Problem statement: Please return every line from the entries that has the string "LaTeX" in it.
○ ○ ○ ○ ○
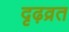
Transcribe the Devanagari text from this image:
दृढ़व्रत
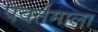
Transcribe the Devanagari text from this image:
पवर्तमाला
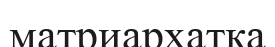
матриархатқа
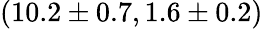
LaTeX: (10.2\pm 0.7,1.6\pm 0.2)
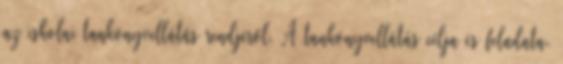
az iskolai tankönyvellátás rendjéről. A tankönyvellátás célja és feladata.
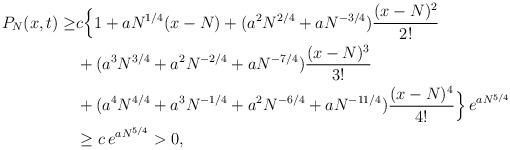
LaTeX: \begin{align*}P_N(x,t)\ge &c\Big\{ 1+ aN^{1/4}(x-N)+(a^2N^{2/4}+aN^{-3/4})\frac{(x-N)^2}{2!}\\&+ (a^3N^{3/4}+a^2N^{-2/4}+a N^{-7/4})\frac{(x-N)^3}{3!}\\&+( a^4N^{4/4}+a^3N^{-1/4}+a^2N^{-6/4}+aN^{-11/4})\frac{(x-N)^4}{4!}\Big\}\,e^{aN^{5/4}}\\&\ge c\,e^{aN^{5/4}}>0,\end{align*}
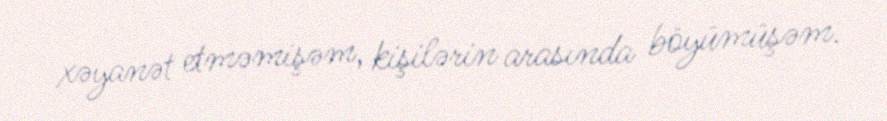
xəyanət etməmişəm, kişilərin arasında böyümüşəm.
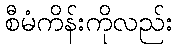
စီမံကိန်းကိုလည်း
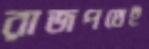
রাজপথেই
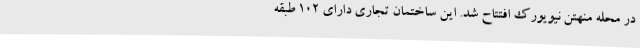
در محله منهتن نیویورک افتتاح شد. این ساختمان تجاری دارای ۱۰۲ طبقه
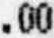
.00
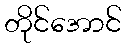
တိုင်အောင်
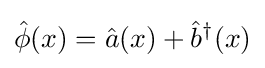
{\hat {\phi }}(x)={\hat {a}}(x)+{\hat {b}}^{\dagger }(x)
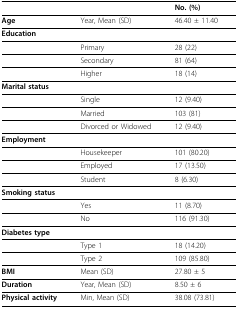
<table><thead><tr><td></td><td></td><td><b>No. (%)</b></td></tr></thead><tbody><tr><td><b>Age</b></td><td>Year, Mean (SD)</td><td>46.40 ± 11.40</td></tr><tr><td><b>Education</b></td><td></td><td></td></tr><tr><td></td><td>Primary</td><td>28 (22)</td></tr><tr><td></td><td>Secondary</td><td>81 (64)</td></tr><tr><td></td><td>Higher</td><td>18 (14)</td></tr><tr><td><b>Marital status</b></td><td></td><td></td></tr><tr><td></td><td>Single</td><td>12 (9.40)</td></tr><tr><td></td><td>Married</td><td>103 (81)</td></tr><tr><td></td><td>Divorced or Widowed</td><td>12 (9.40)</td></tr><tr><td><b>Employment</b></td><td></td><td></td></tr><tr><td></td><td>Housekeeper</td><td>101 (80.20)</td></tr><tr><td></td><td>Employed</td><td>17 (13.50)</td></tr><tr><td></td><td>Student</td><td>8 (6.30)</td></tr><tr><td><b>Smoking status</b></td><td></td><td></td></tr><tr><td></td><td>Yes</td><td>11 (8.70)</td></tr><tr><td></td><td>No</td><td>116 (91.30)</td></tr><tr><td><b>Diabetes type</b></td><td></td><td></td></tr><tr><td></td><td>Type 1</td><td>18 (14.20)</td></tr><tr><td></td><td>Type 2</td><td>109 (85.80)</td></tr><tr><td><b>BMI</b></td><td>Mean (SD)</td><td>27.80 ± 5</td></tr><tr><td><b>Duration</b></td><td>Year, Mean (SD)</td><td>8.50 ± 6</td></tr><tr><td><b>Physical activity</b></td><td>Min, Mean (SD)</td><td>38.08 (73.81)</td></tr></tbody></table>
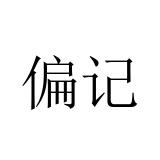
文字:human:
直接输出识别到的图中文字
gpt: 偏记
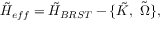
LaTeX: { \tilde { H } } _ { e f f } = { \tilde { H } } _ { B R S T } - \{ \tilde { K } , \ \tilde { \Omega } \} ,
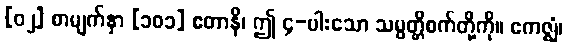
○ ○ ○ ○ ○
Solution:
LaTeX: (10.2\pm 0.7,1.6\pm 0.2)
LaTeX: \begin{align*}P_N(x,t)\ge &c\Big\{ 1+ aN^{1/4}(x-N)+(a^2N^{2/4}+aN^{-3/4})\frac{(x-N)^2}{2!}\\&+ (a^3N^{3/4}+a^2N^{-2/4}+a N^{-7/4})\frac{(x-N)^3}{3!}\\&+( a^4N^{4/4}+a^3N^{-1/4}+a^2N^{-6/4}+aN^{-11/4})\frac{(x-N)^4}{4!}\Big\}\,e^{aN^{5/4}}\\&\ge c\,e^{aN^{5/4}}>0,\end{align*}
LaTeX: { \tilde { H } } _ { e f f } = { \tilde { H } } _ { B R S T } - \{ \tilde { K } , \ \tilde { \Omega } \} ,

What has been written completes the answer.